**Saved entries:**
=======

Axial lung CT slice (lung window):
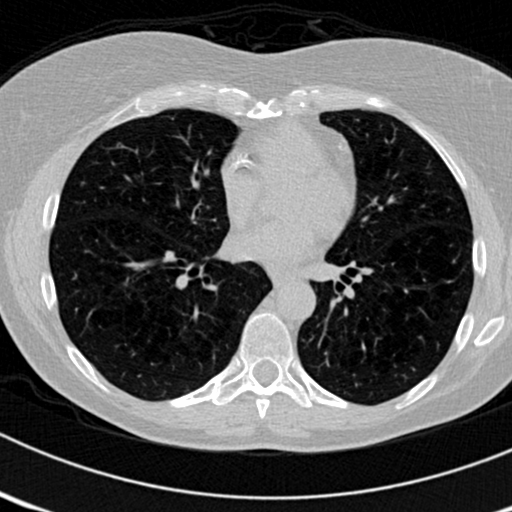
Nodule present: no
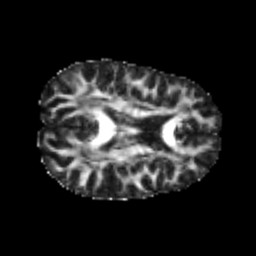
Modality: FA
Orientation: axial
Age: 21
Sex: male
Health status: healthy
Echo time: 0.074 s
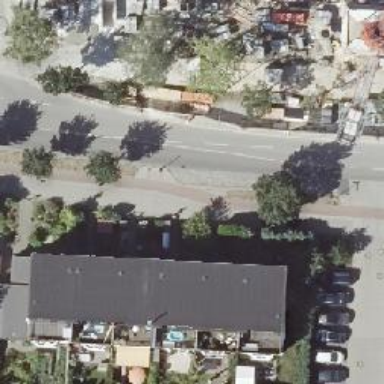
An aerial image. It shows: Residential road with asphalt surface. There are sidewalks on both sides and track cycleway on both sides.
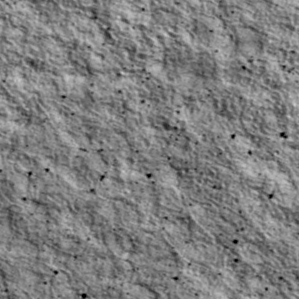
Label: non_frost
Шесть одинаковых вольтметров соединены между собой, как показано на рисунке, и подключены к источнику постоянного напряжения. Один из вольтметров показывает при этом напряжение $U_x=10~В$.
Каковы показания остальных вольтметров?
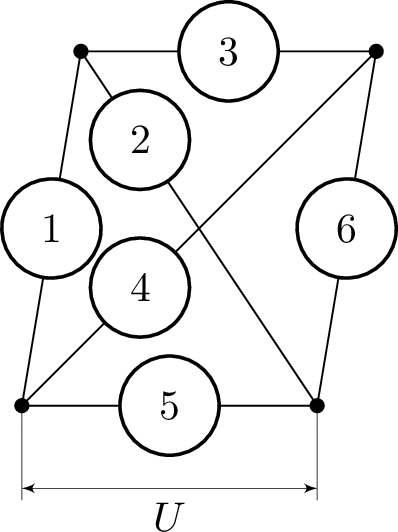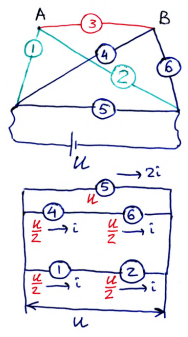
Ответ: Вольтметр $3$ всегда показывает $0~В$. Если напряжение $U_x=10~Вт$ показывает вольтметр $5$, то остальные вольтметры $(1,2,4,6)$ показывают $\frac{U_x}{2}=5~В$, а если $U_x$ показывает вольтметр из $(1,2,4,6)$, то и остальные вольтметры из $(1,2,4,6)$ показывают $U_x$, а вольтметр $5$ показывает $2U_x=20~В.$
Темы:
T, Электричество, Всероссийские, Электрические цепи, Вольтметр
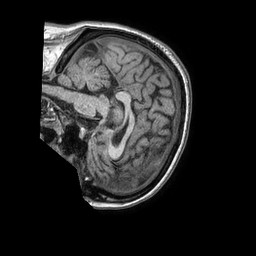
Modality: T1w
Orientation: sagittal
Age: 44
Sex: female
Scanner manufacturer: philips
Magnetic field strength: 1.5 T
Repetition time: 0.00749 s
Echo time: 0.003396 s

=======

**DESCRIPTION OF THE TASK:** Verbatim copy with pictures excluded: write out the records above in full.

**TASK SOLUTION:**
Axial lung CT slice (lung window):
Nodule present: no
Modality: FA
Orientation: axial
Age: 21
Sex: male
Health status: healthy
Echo time: 0.074 s
An aerial image. It shows: Residential road with asphalt surface. There are sidewalks on both sides and track cycleway on both sides.
Label: non_frost
Шесть одинаковых вольтметров соединены между собой, как показано на рисунке, и подключены к источнику постоянного напряжения. Один из вольтметров показывает при этом напряжение $U_x=10~В$.
Каковы показания остальных вольтметров?
Ответ: Вольтметр $3$ всегда показывает $0~В$. Если напряжение $U_x=10~Вт$ показывает вольтметр $5$, то остальные вольтметры $(1,2,4,6)$ показывают $\frac{U_x}{2}=5~В$, а если $U_x$ показывает вольтметр из $(1,2,4,6)$, то и остальные вольтметры из $(1,2,4,6)$ показывают $U_x$, а вольтметр $5$ показывает $2U_x=20~В.$
Темы:
T, Электричество, Всероссийские, Электрические цепи, Вольтметр
Modality: T1w
Orientation: sagittal
Age: 44
Sex: female
Scanner manufacturer: philips
Magnetic field strength: 1.5 T
Repetition time: 0.00749 s
Echo time: 0.003396 s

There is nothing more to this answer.